Un monsieur en veston, avec un béret et une écharpe délicate, disait à sa voisine : « Franchement, trop de gestes, trop d’mouvements. Oui, c’est un choix artistique, mais ça se sent qu’il en met trop. Un « statement » de la sorte passerait beaucoup mieux une fois épuré de toutes ces simagrées. Et puis, le costume, franchement. Le personnage s’embrouille. Est-ce un illuminé, un quêteux ? »

Notre poilu, sa rage commençait à lui faire défaut. Elle cédait p’tit à p’tit la place au désespoir. Il ne semblait pas savoir où s’mettre, la panique le gagnait. Impossible d’insuffler d’la colère chez ces badauds, à croire que l’rôle d’éternel spectateur leur convenait…

« Ciboire ! Bande de limaces amorphes, réveillez-vous ! On s’moque de vous ! On s’joue de vous depuis que vous respirez. Vous étiez en couche-culotte qu’on planifiait déjà l’cambriolage de votre vie adulte. Servitude volontaire, oui…Ça pète de partout en ce bas monde, ça s’étripe, ça s’génocide entre travailleurs pis travailleuses, des générations qu’ça s’massacre, qu’ça s’viole sans trop savoir pourquoi…Ça s’égorge ici-bas, tandis qu’en haut, ça rigole et ça compte les profits… »

À ce moment, une p’tite dame siffla et des applaudissements nourris éclatèrent. Toutes et tous debout maintenant, l’encerclait. Ça scandait des « bravo » pis des « encore » !

Dépité pis essoufflé, notre bonhomme, les yeux mouillés d’larmes épaisses, amères, impuissantes, leva le bras en signe d’abandon et la clameur cessa. Même le bruit des chars, des passants, d’la foule autour, tout disparaissait. Lentement, il s’assit, mit de côté le mégaphone et sa voix s’réduisit à un murmure rauque.
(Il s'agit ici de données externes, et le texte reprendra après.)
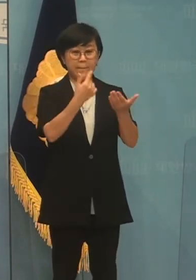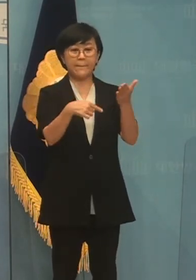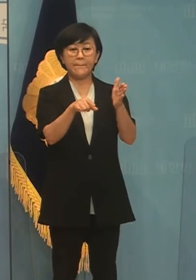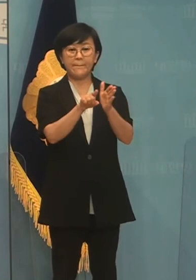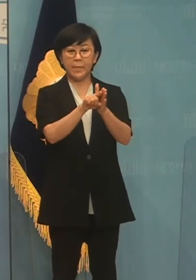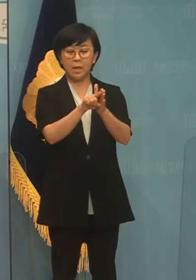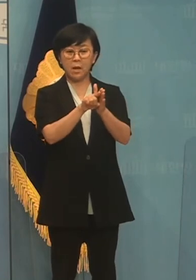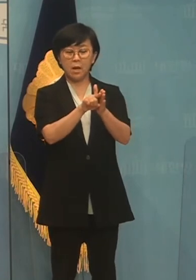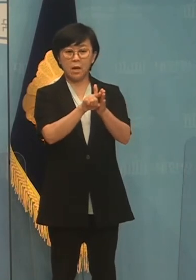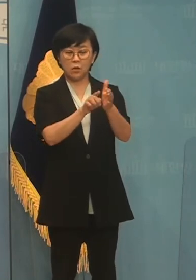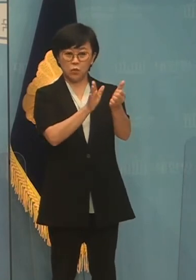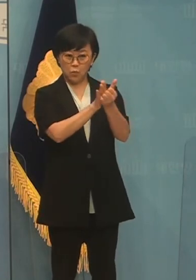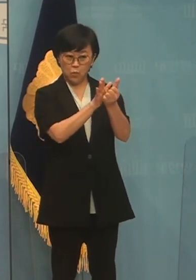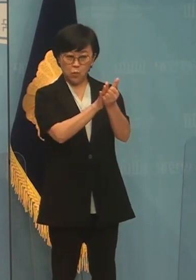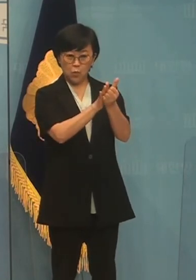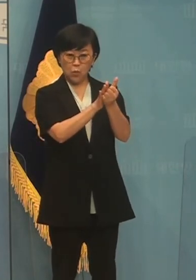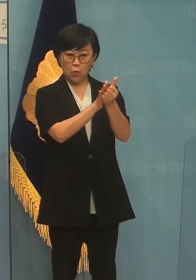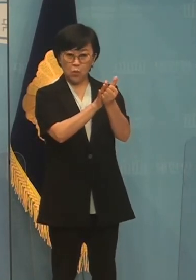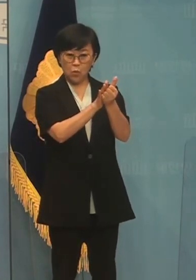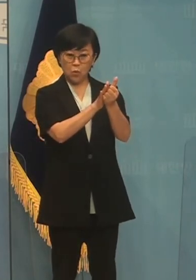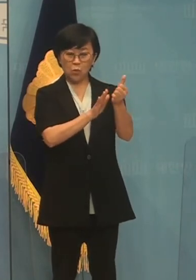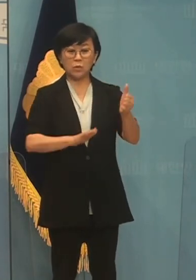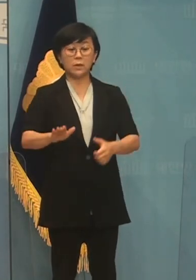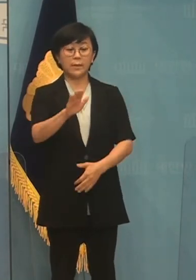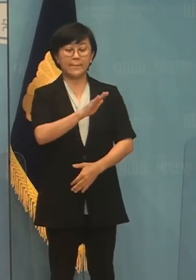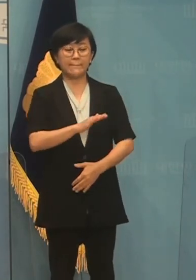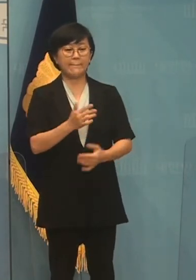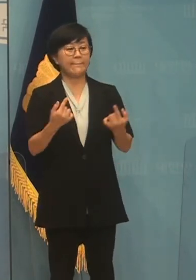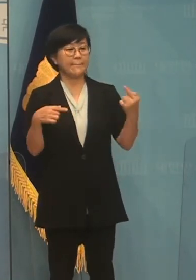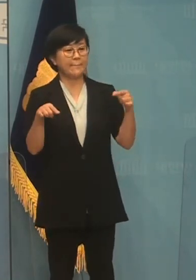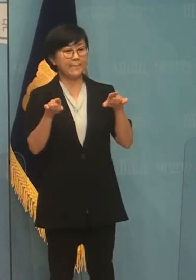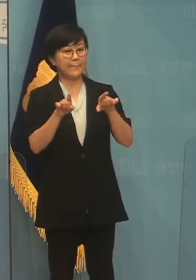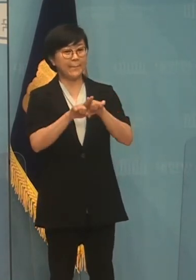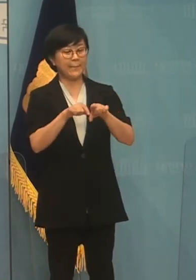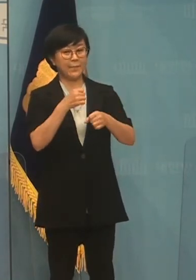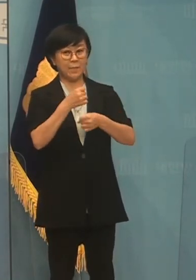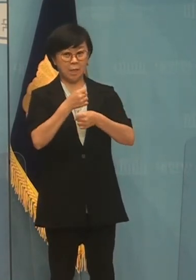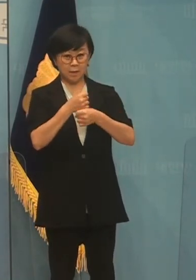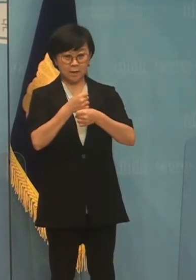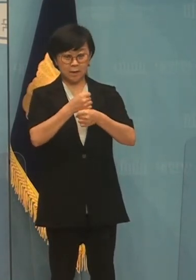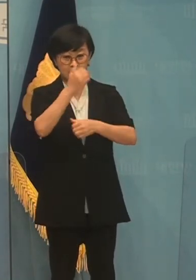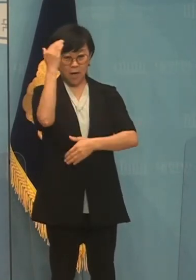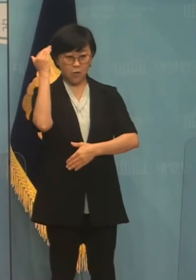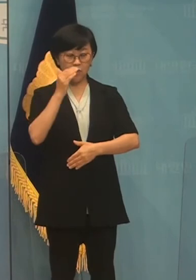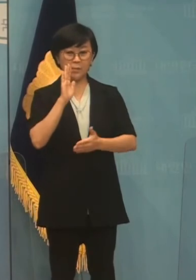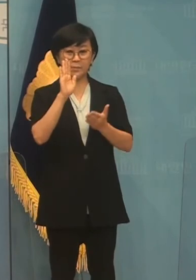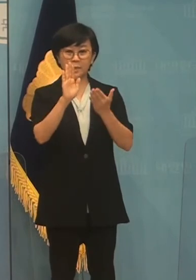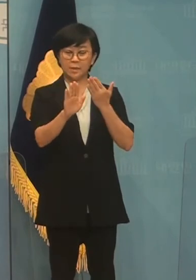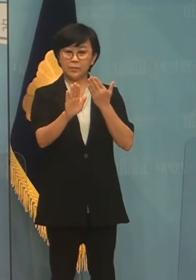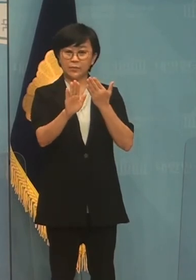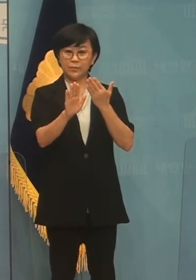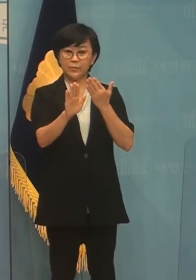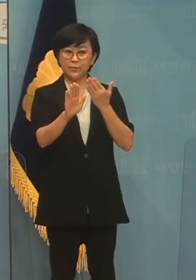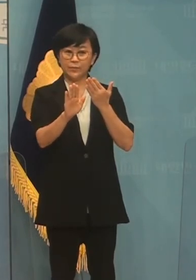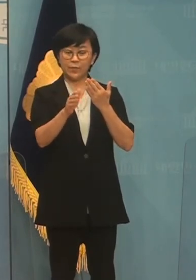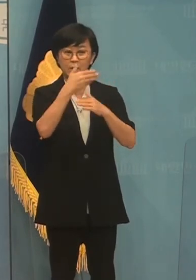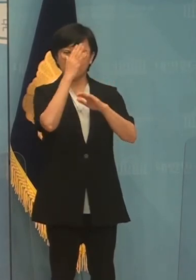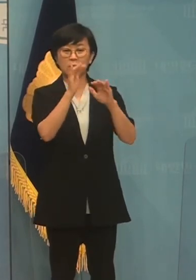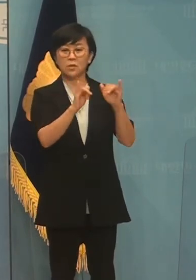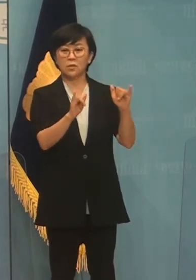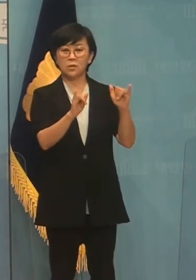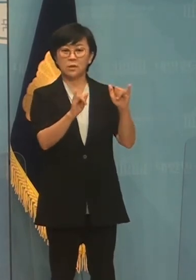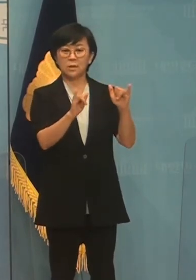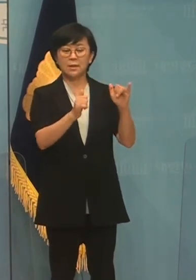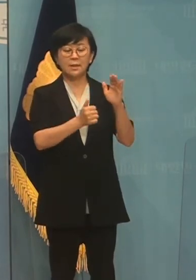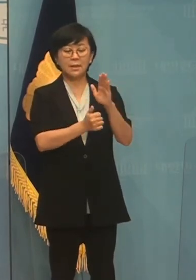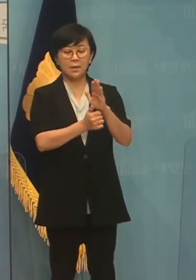있도록 돕고 우리가 함께 만들어가는 대한민국의 미래가 청년들에게

« J’sais plus, j’l’ai jamais su p’t’être…Qu’est-ce qu’il vous faut pour vous l’ver l’cul ? Qu’on vous promette la fin du monde ? L’apocalypse ? L’effondrement et la perte du genre humain ? Ça arrivera pas d’sitôt, faites-vous pas d’espoir, bercez-vous pas d’illusions…C’t’un mythe…Une mauvaise farce. Faut-tu juste qu’on vous prive de vos p’tits privilèges ? Qu’on coupe vos téléphones ? Qu’on vous ôte le hockey, le cinéma à deux balles de l’autre, là, Dolan, c’te p’tit crisse de bou…»

« Bon, un autre qui chiale sur Xavier Dolan ! »

C’était un jeune homme qui venait d’parler. Il s’avança et vint s’tenir devant notre bonhomme.

« Qu’est-ce que vous avez contre le cinéaste, hein ? »

Un silence de mort s’installa, l’atmosphère devenant soudain lourde.

« Ben, rien, mais j’voulais juste dire que… »

« Pas foutu d’vivre de votre art et en vieux performeur raté qu’vous êtes, vous préférez chier sur un jeune d’à peine 25 ans à qui tout réussit, pathétique ! »

« Mais non, voyons ! J’voulais juste dire que… »

Notre bonhomme n’eut pas l’temps d’finir sa phrase que le jeune homme lui foutait une vigoureuse baffe sur la gueule. Il tomba de sa chaise, tenta de s’relever, mais une femme se dressa au-dessus d’lui.

« Ça pue la jalousie votre cirque ! Vos discours, votre maudite logorrhée, ça suinte la mauvaise foi ! »

« Mais j’vous jure que je ne… »

À nouveau, avant qu’il puisse s’défendre, une tierce personne lui balançait un coup d’pied au pied. Et là, c’est toute son audience qui se précipita, le rouant de gifles et de poing. Il se faisait mordre par des caniches, cogner par des boites de souliers neufs tout juste achetés chez Aldo, on lui versait du café Starbuck brûlant sur la figure.

On lui sacra une hostie d’volée. Un calvaire qui dura plusieurs minutes, jusqu’à c’que, satisfaite pis apaisée, la meute s’dispersa, le laissant à baigner dans son urine, son sang et ses râlements agonisants. Les gens retournèrent ainsi vaquer à leurs achats, ragaillardis par l’exercice.

Cette journée-là, la Chambre des commerces du Plateau enregistra des ventes record tout le long d’l’Avenue Morne-Royal. Tout particulièrement la Boite Noire.